Data records
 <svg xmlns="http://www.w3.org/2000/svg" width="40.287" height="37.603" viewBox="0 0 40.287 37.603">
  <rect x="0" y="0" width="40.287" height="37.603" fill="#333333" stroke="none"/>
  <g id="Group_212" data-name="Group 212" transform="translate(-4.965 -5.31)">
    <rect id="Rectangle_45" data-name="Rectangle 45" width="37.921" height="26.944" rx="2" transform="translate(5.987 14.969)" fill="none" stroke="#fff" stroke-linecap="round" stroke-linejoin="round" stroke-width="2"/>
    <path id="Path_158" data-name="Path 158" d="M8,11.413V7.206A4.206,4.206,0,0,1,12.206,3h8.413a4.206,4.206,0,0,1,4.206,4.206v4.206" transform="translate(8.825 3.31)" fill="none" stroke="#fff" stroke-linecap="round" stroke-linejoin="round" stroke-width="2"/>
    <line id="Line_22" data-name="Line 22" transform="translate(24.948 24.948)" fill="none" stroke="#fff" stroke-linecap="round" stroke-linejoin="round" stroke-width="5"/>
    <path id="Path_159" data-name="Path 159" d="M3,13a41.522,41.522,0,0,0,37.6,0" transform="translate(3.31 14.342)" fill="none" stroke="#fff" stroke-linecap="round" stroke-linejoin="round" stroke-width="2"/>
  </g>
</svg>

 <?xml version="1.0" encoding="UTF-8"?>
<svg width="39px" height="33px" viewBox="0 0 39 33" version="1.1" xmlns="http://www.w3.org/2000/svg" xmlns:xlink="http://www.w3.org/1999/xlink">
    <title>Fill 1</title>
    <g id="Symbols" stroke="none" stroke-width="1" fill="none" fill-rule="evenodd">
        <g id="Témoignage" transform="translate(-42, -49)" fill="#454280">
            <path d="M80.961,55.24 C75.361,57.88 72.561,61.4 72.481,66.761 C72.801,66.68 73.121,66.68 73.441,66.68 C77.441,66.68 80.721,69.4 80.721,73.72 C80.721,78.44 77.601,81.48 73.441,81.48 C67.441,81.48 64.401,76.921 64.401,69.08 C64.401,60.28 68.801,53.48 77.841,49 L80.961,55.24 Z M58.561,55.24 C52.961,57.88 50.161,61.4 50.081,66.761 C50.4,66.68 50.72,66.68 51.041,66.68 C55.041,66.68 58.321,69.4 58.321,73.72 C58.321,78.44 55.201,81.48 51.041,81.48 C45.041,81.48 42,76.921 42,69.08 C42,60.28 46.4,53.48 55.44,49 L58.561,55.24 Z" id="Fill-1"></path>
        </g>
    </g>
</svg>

## Work item
Retype each record. Keep every character as it is.

## Solution for this task
 <svg xmlns="http://www.w3.org/2000/svg" width="40.287" height="37.603" viewBox="0 0 40.287 37.603">
  <rect x="0" y="0" width="40.287" height="37.603" fill="#333333" stroke="none"/>
  <g id="Group_212" data-name="Group 212" transform="translate(-4.965 -5.31)">
    <rect id="Rectangle_45" data-name="Rectangle 45" width="37.921" height="26.944" rx="2" transform="translate(5.987 14.969)" fill="none" stroke="#fff" stroke-linecap="round" stroke-linejoin="round" stroke-width="2"/>
    <path id="Path_158" data-name="Path 158" d="M8,11.413V7.206A4.206,4.206,0,0,1,12.206,3h8.413a4.206,4.206,0,0,1,4.206,4.206v4.206" transform="translate(8.825 3.31)" fill="none" stroke="#fff" stroke-linecap="round" stroke-linejoin="round" stroke-width="2"/>
    <line id="Line_22" data-name="Line 22" transform="translate(24.948 24.948)" fill="none" stroke="#fff" stroke-linecap="round" stroke-linejoin="round" stroke-width="5"/>
    <path id="Path_159" data-name="Path 159" d="M3,13a41.522,41.522,0,0,0,37.6,0" transform="translate(3.31 14.342)" fill="none" stroke="#fff" stroke-linecap="round" stroke-linejoin="round" stroke-width="2"/>
  </g>
</svg>

 <?xml version="1.0" encoding="UTF-8"?>
<svg width="39px" height="33px" viewBox="0 0 39 33" version="1.1" xmlns="http://www.w3.org/2000/svg" xmlns:xlink="http://www.w3.org/1999/xlink">
    <title>Fill 1</title>
    <g id="Symbols" stroke="none" stroke-width="1" fill="none" fill-rule="evenodd">
        <g id="Témoignage" transform="translate(-42, -49)" fill="#454280">
            <path d="M80.961,55.24 C75.361,57.88 72.561,61.4 72.481,66.761 C72.801,66.68 73.121,66.68 73.441,66.68 C77.441,66.68 80.721,69.4 80.721,73.72 C80.721,78.44 77.601,81.48 73.441,81.48 C67.441,81.48 64.401,76.921 64.401,69.08 C64.401,60.28 68.801,53.48 77.841,49 L80.961,55.24 Z M58.561,55.24 C52.961,57.88 50.161,61.4 50.081,66.761 C50.4,66.68 50.72,66.68 51.041,66.68 C55.041,66.68 58.321,69.4 58.321,73.72 C58.321,78.44 55.201,81.48 51.041,81.48 C45.041,81.48 42,76.921 42,69.08 C42,60.28 46.4,53.48 55.44,49 L58.561,55.24 Z" id="Fill-1"></path>
        </g>
    </g>
</svg>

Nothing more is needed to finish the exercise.